**The task**. From the first line to the last, write out the records exactly, leaving the pictures behind.

─── Data for this exercise ───

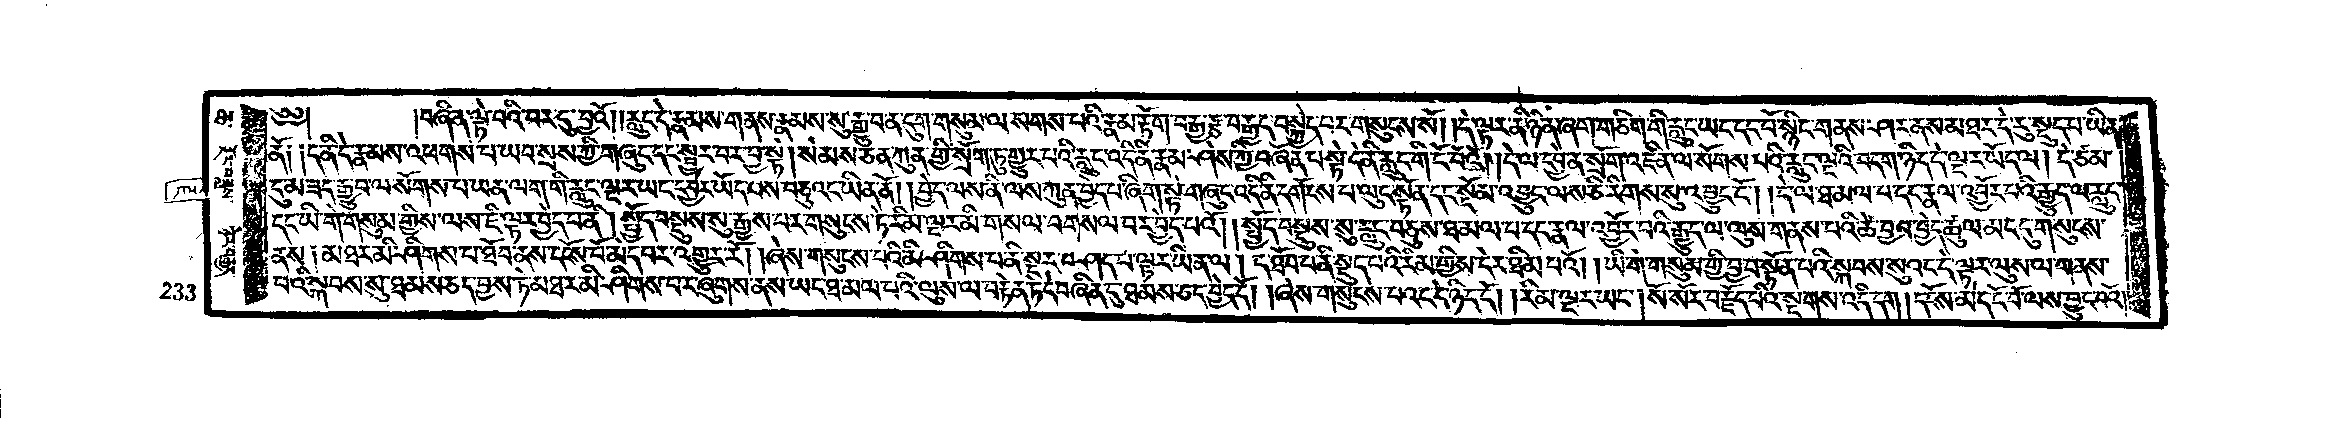༄༅། །བཞིན་ལྟེ་བའི་བར་དུ་བྱའོ། །རླུང་དེ་རྣམས་གནས་རྣམས་སུ་རྒྱ་བ་ན་དུག་གསུམ་ལ་སོགས་པའི་རྣམ་རྟོག་བརྒྱ་རྩ་བརྒྱད་བསྐྱེད་པར་གསུངས་སོ། །དེ་ལྟར་ན་ཉིན་ཞག་གཅིག་གི་རླུང་ཡང་དང་པོ་སྙིང་ག་ནས་ཤར་ནས་མཐར་དེ་རུ་སྡུད་པ་ཡིན་
ནོ། །དེ་ནི་དེ་རྣམས་འཕགས་པ་ཡབ་སྲས་ཀྱི་གཞུང་དང་སྦྱར་བར་བྱ་སྟེ། སེམས་ཅན་ཀུན་གྱི་སྲོག་ཏུ་གྱུར་པའི་རླུང་འདི་ནི་རྣམ་ཤེས་ཀྱི་བཞོན་པ་སྟེ་དེ་ནི་རླུང་གི་ངོ་བོའོ། །དེ་ལ་དབྱེ་ན་སྲོག་འཛིན་ལ་སོགས་པའི་རླུང་ལྔའི་བདག་ཉིད་དེ་ལྔར་ཡོད་ལ། དེ་ཙམ་
དུ་མ་ཟད་རྒྱུ་བ་ལ་སོགས་པ་ཡན་ལག་གི་རླུང་ལྔར་ཡང་དབྱེར་ཡོད་པས་བཅུའང་ཡིན་ནོ། །བྱེད་ལས་ནི་ལས་ཀུན་བྱེད་པ་ཞིག་སྟེ་གཞུང་འདི་ནི་དགོངས་པ་ལུང་སྟོན་དང་སྡོམ་འབྱུང་ལས་ཅི་རིགས་སུ་འབྱུང་ངོ། །དེ་ལ་ཐ་མལ་པ་དང་རྣལ་འབྱོར་པའི་རྒྱུད་ལ་རླུང་
དང་ཡི་གེ་གསུམ་གྱིས་ལས་ཇི་ལྟར་བྱེད་པ་ནི། སྤྱོད་བསྡུས་སུ་རྒྱས་པར་གསུངས་ཏེ་རིམ་ལྔར་མི་གསལ་བ་གསལ་བར་བྱེད་པའོ། །སྤྱོད་བསྡུས་སུ་རླུང་བཅུས་ཐ་མལ་པ་དང་རྣལ་འབྱོར་པའི་རྒྱུད་ལ་ལུས་གནས་པའི་ཚེ་བྱ་བ་བྱེད་ཚུལ་མང་དུ་གསུངས་
ནས། མཐར་མི་ཤིགས་པ་ཐོབ་ནས་དངོས་པོ་མེད་པར་འགྱུར་རོ། །ཞེས་གསུངས་པའི་མི་ཤིགས་པ་ནི་སྔར་བཤད་པ་ལྟར་ཡིན་ལ། དེ་ཐོབ་པ་ནི་སྡུད་པའི་རིམ་གྱིས་དེར་ཐིམ་པའོ། །ཡི་གེ་གསུམ་གྱི་བྱ་བ་སྟོན་པའི་སྐབས་སུའང་དེ་ལྟར་ལུས་ལ་གནས་
པའི་སྐབས་སུ་ཐམས་ཅད་བྱས་ཏེ་མཐར་མི་ཤིགས་པར་ཞུགས་ནས་ཡང་ཐ་མལ་པའི་ལུས་ལ་བརྟེན་ཏེ་དེ་བཞིན་དུ་ཐམས་ཅད་བྱེད་དོ། །ཞེས་གསུངས་པའང་དེ་ཉིད་དོ། །རིམ་ལྔར་ཡང་། སོ་སོར་བརྗོད་པའི་སྔགས་འདི་དག །དངོས་མེད་ངོ་བོ་ལས་བྱུང་བའོ།

───

**Solution to this exercise**.
༄༅། །བཞིན་ལྟེ་བའི་བར་དུ་བྱའོ། །རླུང་དེ་རྣམས་གནས་རྣམས་སུ་རྒྱ་བ་ན་དུག་གསུམ་ལ་སོགས་པའི་རྣམ་རྟོག་བརྒྱ་རྩ་བརྒྱད་བསྐྱེད་པར་གསུངས་སོ། །དེ་ལྟར་ན་ཉིན་ཞག་གཅིག་གི་རླུང་ཡང་དང་པོ་སྙིང་ག་ནས་ཤར་ནས་མཐར་དེ་རུ་སྡུད་པ་ཡིན་
ནོ། །དེ་ནི་དེ་རྣམས་འཕགས་པ་ཡབ་སྲས་ཀྱི་གཞུང་དང་སྦྱར་བར་བྱ་སྟེ། སེམས་ཅན་ཀུན་གྱི་སྲོག་ཏུ་གྱུར་པའི་རླུང་འདི་ནི་རྣམ་ཤེས་ཀྱི་བཞོན་པ་སྟེ་དེ་ནི་རླུང་གི་ངོ་བོའོ། །དེ་ལ་དབྱེ་ན་སྲོག་འཛིན་ལ་སོགས་པའི་རླུང་ལྔའི་བདག་ཉིད་དེ་ལྔར་ཡོད་ལ། དེ་ཙམ་
དུ་མ་ཟད་རྒྱུ་བ་ལ་སོགས་པ་ཡན་ལག་གི་རླུང་ལྔར་ཡང་དབྱེར་ཡོད་པས་བཅུའང་ཡིན་ནོ། །བྱེད་ལས་ནི་ལས་ཀུན་བྱེད་པ་ཞིག་སྟེ་གཞུང་འདི་ནི་དགོངས་པ་ལུང་སྟོན་དང་སྡོམ་འབྱུང་ལས་ཅི་རིགས་སུ་འབྱུང་ངོ། །དེ་ལ་ཐ་མལ་པ་དང་རྣལ་འབྱོར་པའི་རྒྱུད་ལ་རླུང་
དང་ཡི་གེ་གསུམ་གྱིས་ལས་ཇི་ལྟར་བྱེད་པ་ནི། སྤྱོད་བསྡུས་སུ་རྒྱས་པར་གསུངས་ཏེ་རིམ་ལྔར་མི་གསལ་བ་གསལ་བར་བྱེད་པའོ། །སྤྱོད་བསྡུས་སུ་རླུང་བཅུས་ཐ་མལ་པ་དང་རྣལ་འབྱོར་པའི་རྒྱུད་ལ་ལུས་གནས་པའི་ཚེ་བྱ་བ་བྱེད་ཚུལ་མང་དུ་གསུངས་
ནས། མཐར་མི་ཤིགས་པ་ཐོབ་ནས་དངོས་པོ་མེད་པར་འགྱུར་རོ། །ཞེས་གསུངས་པའི་མི་ཤིགས་པ་ནི་སྔར་བཤད་པ་ལྟར་ཡིན་ལ། དེ་ཐོབ་པ་ནི་སྡུད་པའི་རིམ་གྱིས་དེར་ཐིམ་པའོ། །ཡི་གེ་གསུམ་གྱི་བྱ་བ་སྟོན་པའི་སྐབས་སུའང་དེ་ལྟར་ལུས་ལ་གནས་
པའི་སྐབས་སུ་ཐམས་ཅད་བྱས་ཏེ་མཐར་མི་ཤིགས་པར་ཞུགས་ནས་ཡང་ཐ་མལ་པའི་ལུས་ལ་བརྟེན་ཏེ་དེ་བཞིན་དུ་ཐམས་ཅད་བྱེད་དོ། །ཞེས་གསུངས་པའང་དེ་ཉིད་དོ། །རིམ་ལྔར་ཡང་། སོ་སོར་བརྗོད་པའི་སྔགས་འདི་དག །དངོས་མེད་ངོ་བོ་ལས་བྱུང་བའོ།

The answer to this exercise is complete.